┌────────
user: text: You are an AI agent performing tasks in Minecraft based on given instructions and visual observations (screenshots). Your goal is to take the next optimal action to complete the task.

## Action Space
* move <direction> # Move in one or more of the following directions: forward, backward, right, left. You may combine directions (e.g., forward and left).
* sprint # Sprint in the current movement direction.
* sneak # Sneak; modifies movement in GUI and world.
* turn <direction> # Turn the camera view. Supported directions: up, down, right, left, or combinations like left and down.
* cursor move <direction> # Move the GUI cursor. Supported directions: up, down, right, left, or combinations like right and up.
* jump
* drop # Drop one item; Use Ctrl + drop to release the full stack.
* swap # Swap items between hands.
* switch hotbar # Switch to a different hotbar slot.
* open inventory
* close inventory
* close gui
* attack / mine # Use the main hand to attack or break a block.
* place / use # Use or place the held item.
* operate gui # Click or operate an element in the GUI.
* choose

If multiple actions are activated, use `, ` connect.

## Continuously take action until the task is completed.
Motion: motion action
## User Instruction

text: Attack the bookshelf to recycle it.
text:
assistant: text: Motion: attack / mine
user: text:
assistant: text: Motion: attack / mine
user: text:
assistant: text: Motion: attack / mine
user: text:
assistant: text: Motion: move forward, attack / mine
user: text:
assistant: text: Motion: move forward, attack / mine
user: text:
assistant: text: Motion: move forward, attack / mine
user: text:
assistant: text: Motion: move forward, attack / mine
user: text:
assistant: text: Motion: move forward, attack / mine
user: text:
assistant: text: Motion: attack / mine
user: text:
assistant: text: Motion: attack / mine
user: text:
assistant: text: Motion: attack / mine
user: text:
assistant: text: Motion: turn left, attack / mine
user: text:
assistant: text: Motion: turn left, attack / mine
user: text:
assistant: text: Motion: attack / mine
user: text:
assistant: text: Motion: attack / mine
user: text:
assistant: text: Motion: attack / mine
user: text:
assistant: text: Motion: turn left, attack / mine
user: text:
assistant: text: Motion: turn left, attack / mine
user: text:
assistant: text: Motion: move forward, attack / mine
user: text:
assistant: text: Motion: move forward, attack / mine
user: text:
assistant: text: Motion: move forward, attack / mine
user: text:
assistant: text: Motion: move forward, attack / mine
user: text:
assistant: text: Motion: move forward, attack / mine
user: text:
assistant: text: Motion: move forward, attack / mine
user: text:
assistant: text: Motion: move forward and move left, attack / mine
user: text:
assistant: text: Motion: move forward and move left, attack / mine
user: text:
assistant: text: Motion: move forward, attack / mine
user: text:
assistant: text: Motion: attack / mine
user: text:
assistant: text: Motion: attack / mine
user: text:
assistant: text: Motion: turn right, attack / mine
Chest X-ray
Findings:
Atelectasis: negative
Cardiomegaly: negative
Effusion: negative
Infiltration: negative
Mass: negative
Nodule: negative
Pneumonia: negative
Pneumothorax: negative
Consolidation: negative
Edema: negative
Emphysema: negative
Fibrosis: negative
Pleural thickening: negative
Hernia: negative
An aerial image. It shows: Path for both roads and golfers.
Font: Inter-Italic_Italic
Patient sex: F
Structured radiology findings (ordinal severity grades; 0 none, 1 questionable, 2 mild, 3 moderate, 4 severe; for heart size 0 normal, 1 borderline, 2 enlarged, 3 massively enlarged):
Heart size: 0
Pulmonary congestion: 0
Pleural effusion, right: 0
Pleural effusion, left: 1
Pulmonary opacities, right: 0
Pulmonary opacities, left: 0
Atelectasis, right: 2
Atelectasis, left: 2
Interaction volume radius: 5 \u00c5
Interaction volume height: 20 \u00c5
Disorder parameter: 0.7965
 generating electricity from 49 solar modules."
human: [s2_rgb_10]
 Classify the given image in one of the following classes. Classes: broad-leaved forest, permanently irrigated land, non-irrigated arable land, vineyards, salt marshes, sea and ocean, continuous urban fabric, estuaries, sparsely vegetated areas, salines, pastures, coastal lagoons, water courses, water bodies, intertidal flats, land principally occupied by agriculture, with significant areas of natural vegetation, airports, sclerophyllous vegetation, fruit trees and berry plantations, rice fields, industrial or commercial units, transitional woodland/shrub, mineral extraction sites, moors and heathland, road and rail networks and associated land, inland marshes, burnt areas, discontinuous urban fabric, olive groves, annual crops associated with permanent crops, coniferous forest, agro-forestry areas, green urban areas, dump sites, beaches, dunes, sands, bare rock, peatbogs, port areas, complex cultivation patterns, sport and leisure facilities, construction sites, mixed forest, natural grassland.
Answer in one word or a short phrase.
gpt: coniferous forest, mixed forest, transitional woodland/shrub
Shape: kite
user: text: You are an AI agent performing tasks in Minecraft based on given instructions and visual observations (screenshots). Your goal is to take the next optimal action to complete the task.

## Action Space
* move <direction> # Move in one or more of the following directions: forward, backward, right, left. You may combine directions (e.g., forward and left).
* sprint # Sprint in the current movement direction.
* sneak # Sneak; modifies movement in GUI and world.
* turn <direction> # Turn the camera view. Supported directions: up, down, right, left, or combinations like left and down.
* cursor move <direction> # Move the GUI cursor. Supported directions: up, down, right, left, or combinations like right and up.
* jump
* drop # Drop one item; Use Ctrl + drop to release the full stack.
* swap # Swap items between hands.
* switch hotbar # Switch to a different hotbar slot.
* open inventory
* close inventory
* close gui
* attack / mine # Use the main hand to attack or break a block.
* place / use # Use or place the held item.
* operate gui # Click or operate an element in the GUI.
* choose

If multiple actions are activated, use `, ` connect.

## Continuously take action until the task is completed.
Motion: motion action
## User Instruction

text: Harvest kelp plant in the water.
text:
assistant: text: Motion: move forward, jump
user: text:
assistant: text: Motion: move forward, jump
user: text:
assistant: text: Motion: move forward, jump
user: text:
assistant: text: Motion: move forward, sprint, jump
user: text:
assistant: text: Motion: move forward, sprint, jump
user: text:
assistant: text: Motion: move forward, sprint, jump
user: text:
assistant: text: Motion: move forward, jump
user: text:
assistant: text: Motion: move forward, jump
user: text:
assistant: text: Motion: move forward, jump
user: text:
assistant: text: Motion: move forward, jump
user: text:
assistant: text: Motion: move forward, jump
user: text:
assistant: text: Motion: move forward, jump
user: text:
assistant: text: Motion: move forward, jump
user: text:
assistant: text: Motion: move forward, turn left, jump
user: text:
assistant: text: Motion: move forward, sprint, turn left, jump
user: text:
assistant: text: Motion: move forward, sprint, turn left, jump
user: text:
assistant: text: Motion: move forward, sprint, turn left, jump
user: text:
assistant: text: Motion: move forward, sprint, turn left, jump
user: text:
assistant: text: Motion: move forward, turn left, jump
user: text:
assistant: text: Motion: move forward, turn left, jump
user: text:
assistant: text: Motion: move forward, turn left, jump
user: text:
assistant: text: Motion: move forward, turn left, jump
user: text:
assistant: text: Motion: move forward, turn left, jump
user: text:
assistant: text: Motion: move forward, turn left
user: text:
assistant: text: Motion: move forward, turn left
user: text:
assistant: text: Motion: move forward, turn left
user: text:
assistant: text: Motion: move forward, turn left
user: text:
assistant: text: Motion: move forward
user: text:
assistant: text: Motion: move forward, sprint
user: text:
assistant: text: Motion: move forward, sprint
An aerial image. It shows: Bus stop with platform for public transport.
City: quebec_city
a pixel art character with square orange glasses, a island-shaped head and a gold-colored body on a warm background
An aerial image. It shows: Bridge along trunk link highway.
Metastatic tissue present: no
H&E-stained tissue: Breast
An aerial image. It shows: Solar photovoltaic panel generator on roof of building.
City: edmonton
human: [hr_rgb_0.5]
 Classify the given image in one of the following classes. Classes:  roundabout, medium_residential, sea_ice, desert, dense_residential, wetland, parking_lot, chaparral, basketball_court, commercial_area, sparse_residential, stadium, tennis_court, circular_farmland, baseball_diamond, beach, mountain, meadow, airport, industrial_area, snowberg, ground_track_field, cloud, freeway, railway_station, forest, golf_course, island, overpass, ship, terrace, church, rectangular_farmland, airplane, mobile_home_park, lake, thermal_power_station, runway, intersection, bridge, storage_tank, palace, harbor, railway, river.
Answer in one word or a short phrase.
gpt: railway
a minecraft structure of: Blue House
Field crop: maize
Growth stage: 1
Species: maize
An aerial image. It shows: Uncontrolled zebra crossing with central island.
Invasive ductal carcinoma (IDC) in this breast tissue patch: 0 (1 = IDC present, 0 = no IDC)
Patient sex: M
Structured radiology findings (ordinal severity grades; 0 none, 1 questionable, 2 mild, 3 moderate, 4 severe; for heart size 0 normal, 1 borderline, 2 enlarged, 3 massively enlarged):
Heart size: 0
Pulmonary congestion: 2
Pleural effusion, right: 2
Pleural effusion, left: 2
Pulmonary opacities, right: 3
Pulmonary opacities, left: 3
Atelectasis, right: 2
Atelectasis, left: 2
└────────
● **Task statement**: The number of lines containing "Pleural" is all that is wanted; tally them in the data.

● **Reply**: 5